### TASK GOAL
Please reproduce the entries below exactly, leaving the pictures out.
==== PROVIDED RECORDS
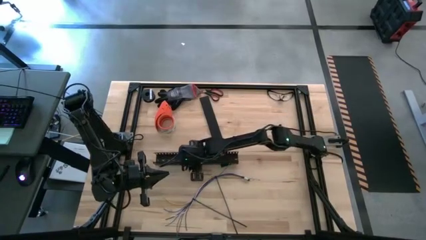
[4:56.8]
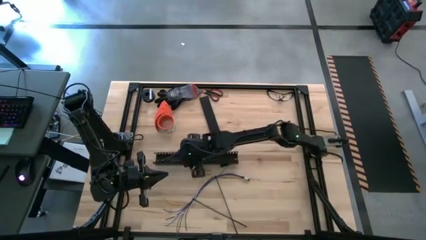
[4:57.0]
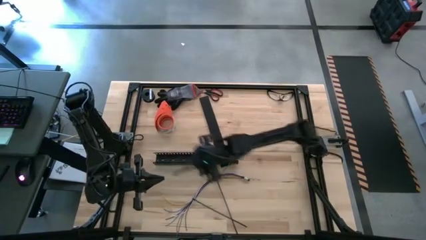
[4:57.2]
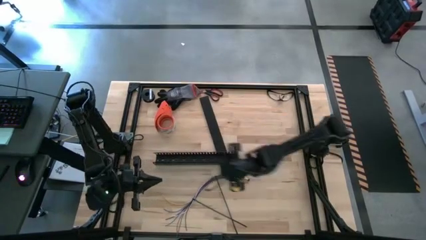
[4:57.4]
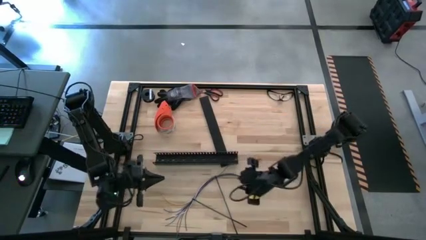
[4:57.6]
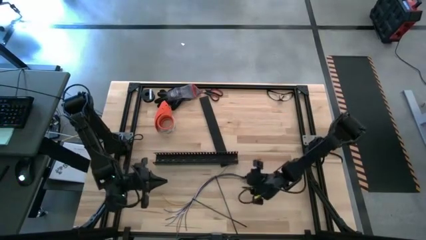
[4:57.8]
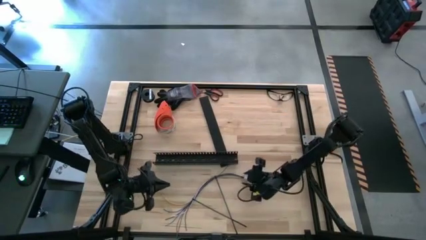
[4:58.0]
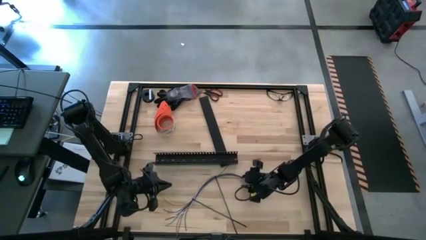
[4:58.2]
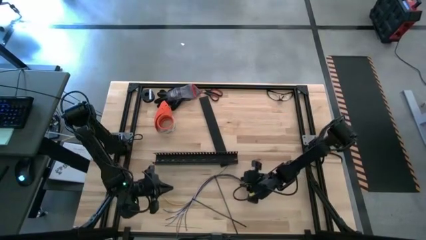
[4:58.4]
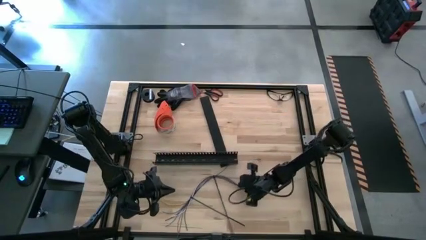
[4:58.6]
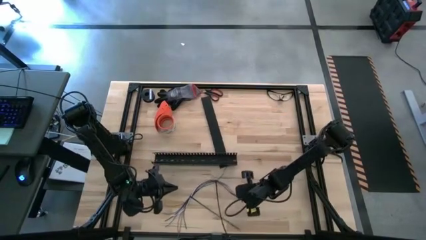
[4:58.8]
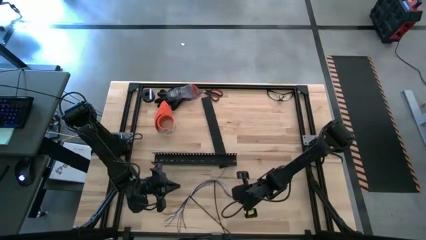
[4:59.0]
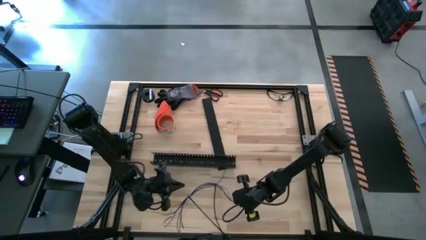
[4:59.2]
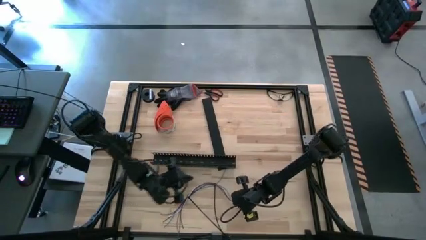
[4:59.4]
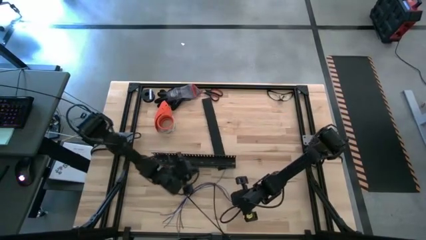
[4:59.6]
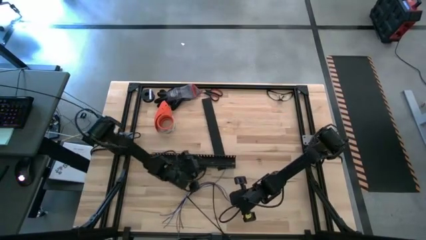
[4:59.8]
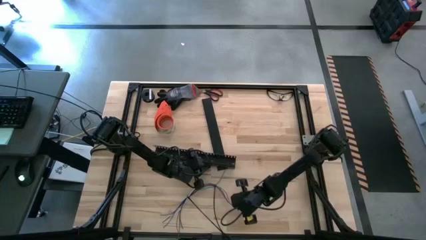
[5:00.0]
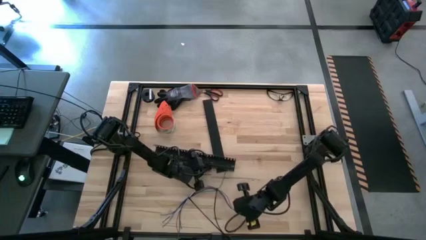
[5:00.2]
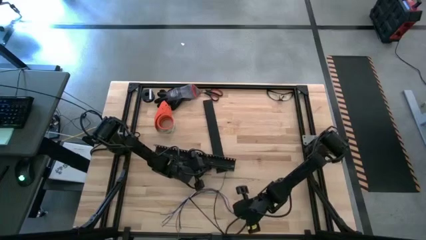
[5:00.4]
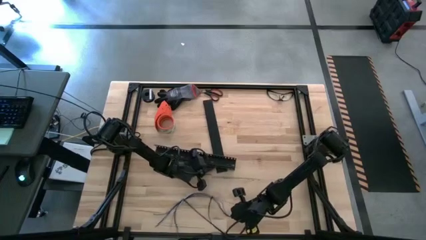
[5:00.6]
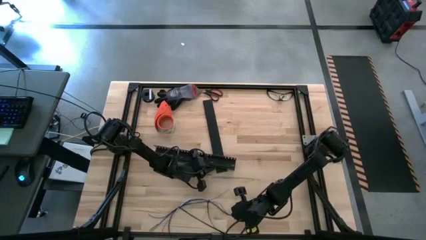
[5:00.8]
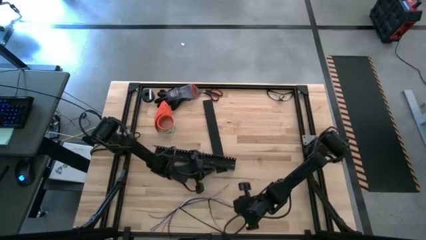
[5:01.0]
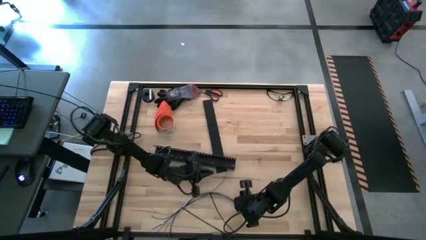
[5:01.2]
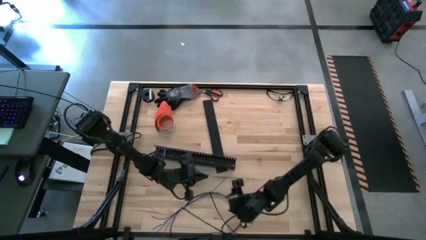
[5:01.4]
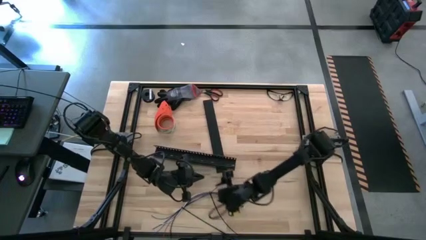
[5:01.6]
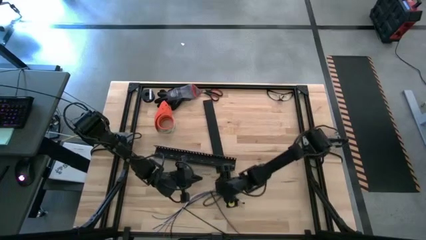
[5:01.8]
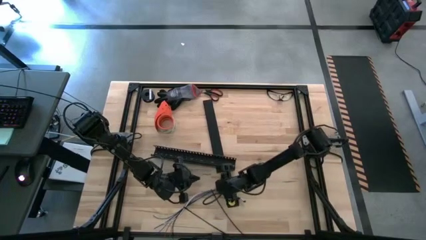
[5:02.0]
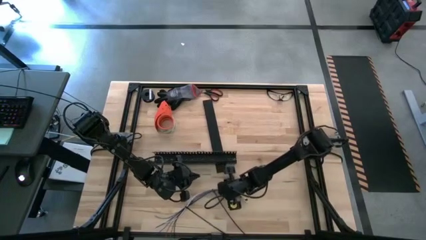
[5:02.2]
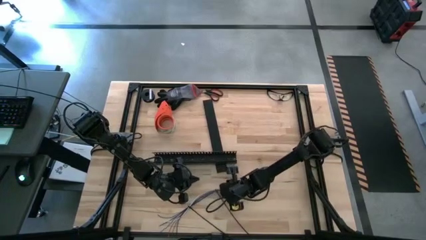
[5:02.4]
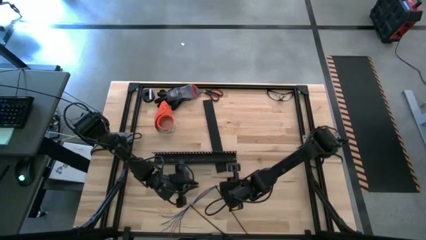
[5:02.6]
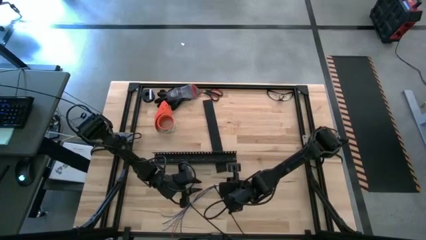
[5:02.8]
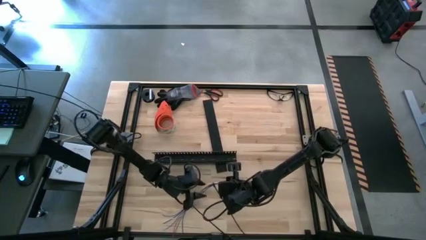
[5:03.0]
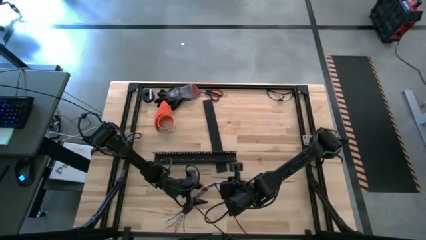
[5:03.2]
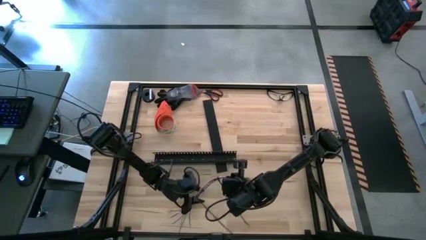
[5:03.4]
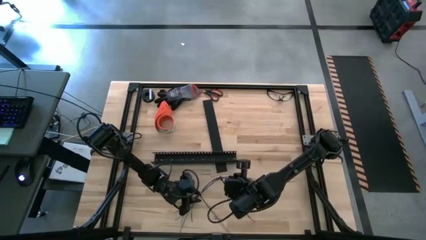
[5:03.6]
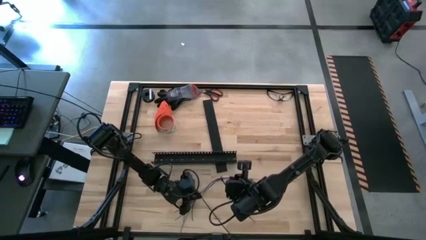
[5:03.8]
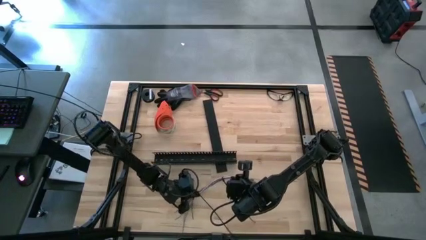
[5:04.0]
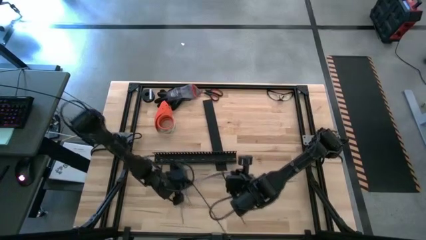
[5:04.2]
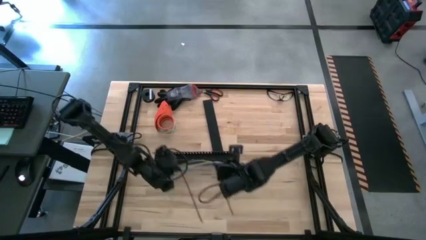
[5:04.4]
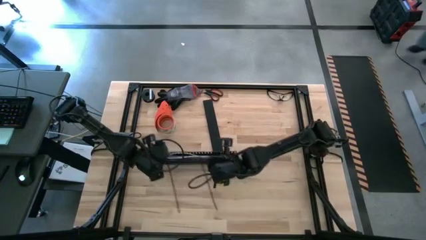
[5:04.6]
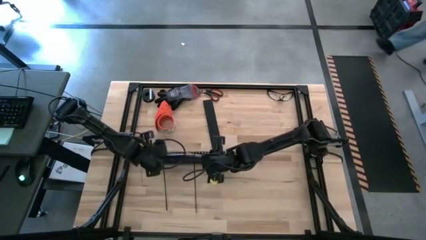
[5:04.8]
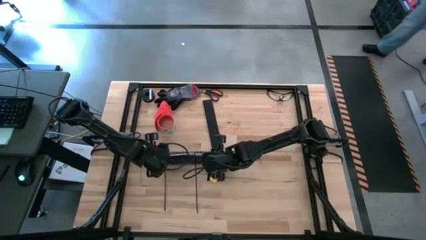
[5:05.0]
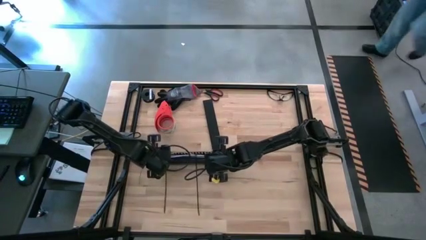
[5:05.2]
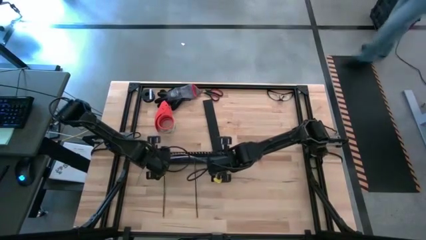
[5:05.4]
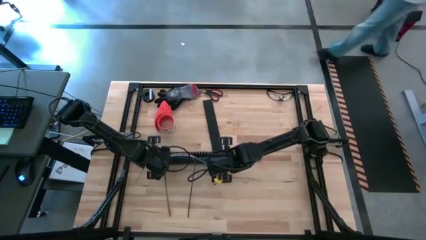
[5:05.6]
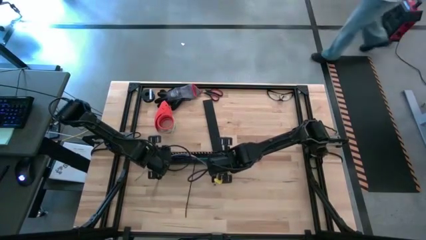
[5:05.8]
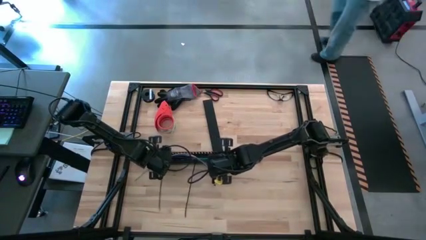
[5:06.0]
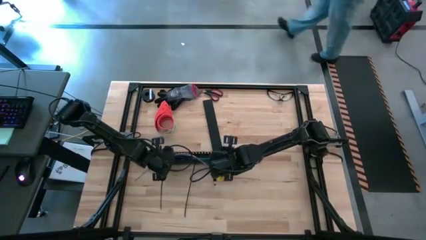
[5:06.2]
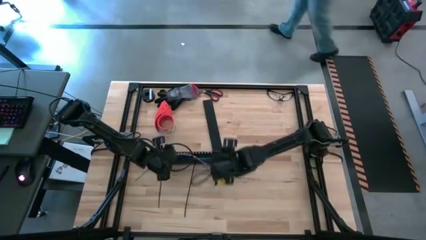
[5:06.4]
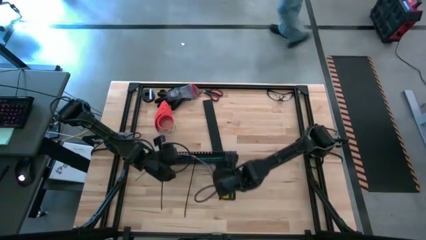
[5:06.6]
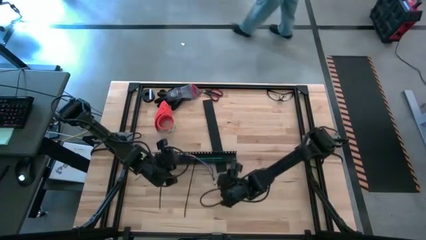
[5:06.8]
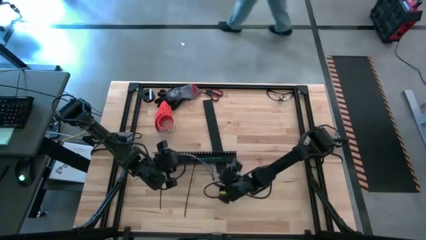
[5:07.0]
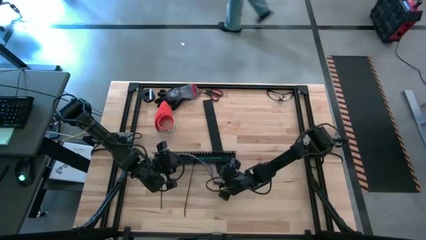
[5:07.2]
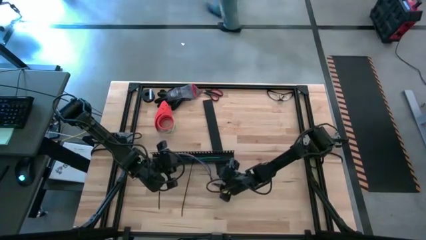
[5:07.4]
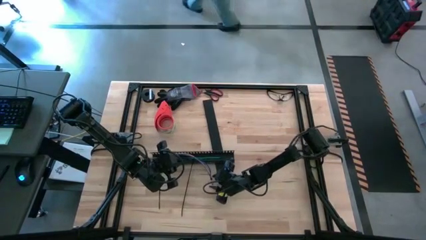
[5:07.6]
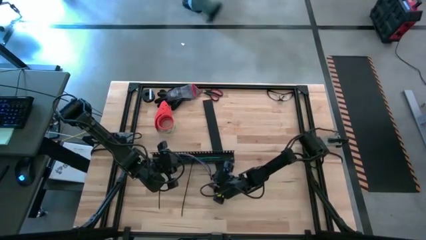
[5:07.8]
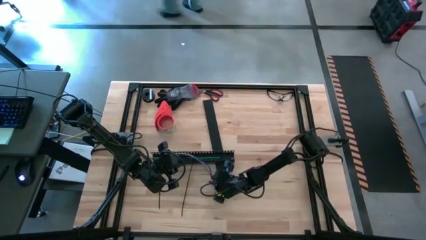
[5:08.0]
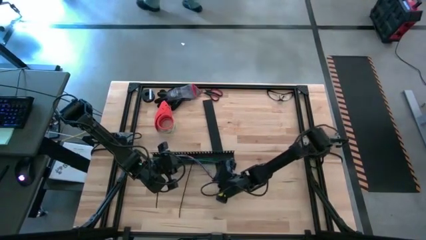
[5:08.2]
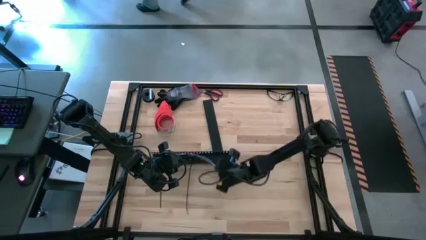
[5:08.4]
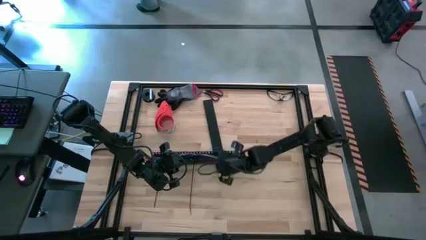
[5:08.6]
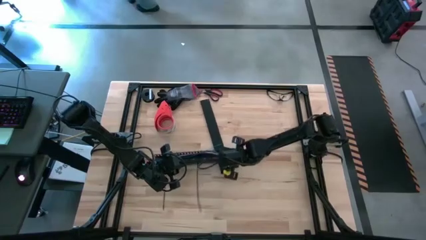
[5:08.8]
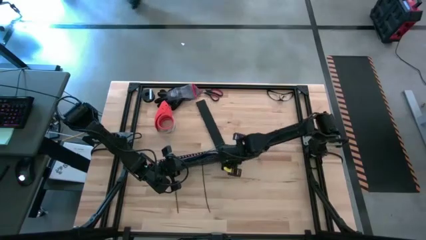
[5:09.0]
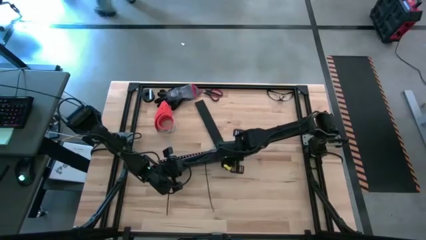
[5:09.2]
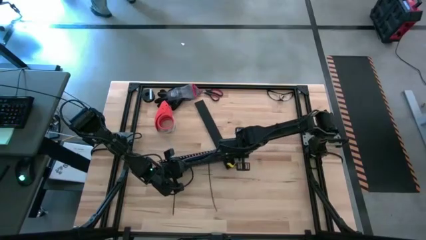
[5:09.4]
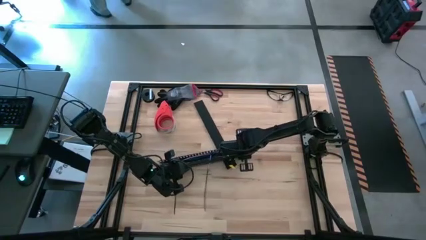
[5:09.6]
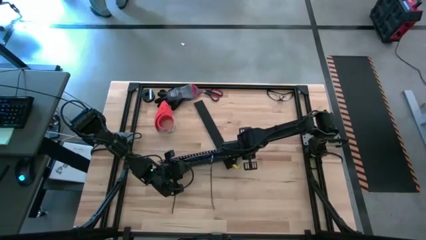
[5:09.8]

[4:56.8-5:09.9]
Task: Ziptie cables
Put the zip-tied cables in the cable duct
========
### OUTPUT
[4:56.8]
[4:57.0]
[4:57.2]
[4:57.4]
[4:57.6]
[4:57.8]
[4:58.0]
[4:58.2]
[4:58.4]
[4:58.6]
[4:58.8]
[4:59.0]
[4:59.2]
[4:59.4]
[4:59.6]
[4:59.8]
[5:00.0]
[5:00.2]
[5:00.4]
[5:00.6]
[5:00.8]
[5:01.0]
[5:01.2]
[5:01.4]
[5:01.6]
[5:01.8]
[5:02.0]
[5:02.2]
[5:02.4]
[5:02.6]
[5:02.8]
[5:03.0]
[5:03.2]
[5:03.4]
[5:03.6]
[5:03.8]
[5:04.0]
[5:04.2]
[5:04.4]
[5:04.6]
[5:04.8]
[5:05.0]
[5:05.2]
[5:05.4]
[5:05.6]
[5:05.8]
[5:06.0]
[5:06.2]
[5:06.4]
[5:06.6]
[5:06.8]
[5:07.0]
[5:07.2]
[5:07.4]
[5:07.6]
[5:07.8]
[5:08.0]
[5:08.2]
[5:08.4]
[5:08.6]
[5:08.8]
[5:09.0]
[5:09.2]
[5:09.4]
[5:09.6]
[5:09.8]

[4:56.8-5:09.9]
Task: Ziptie cables
Put the zip-tied cables in the cable duct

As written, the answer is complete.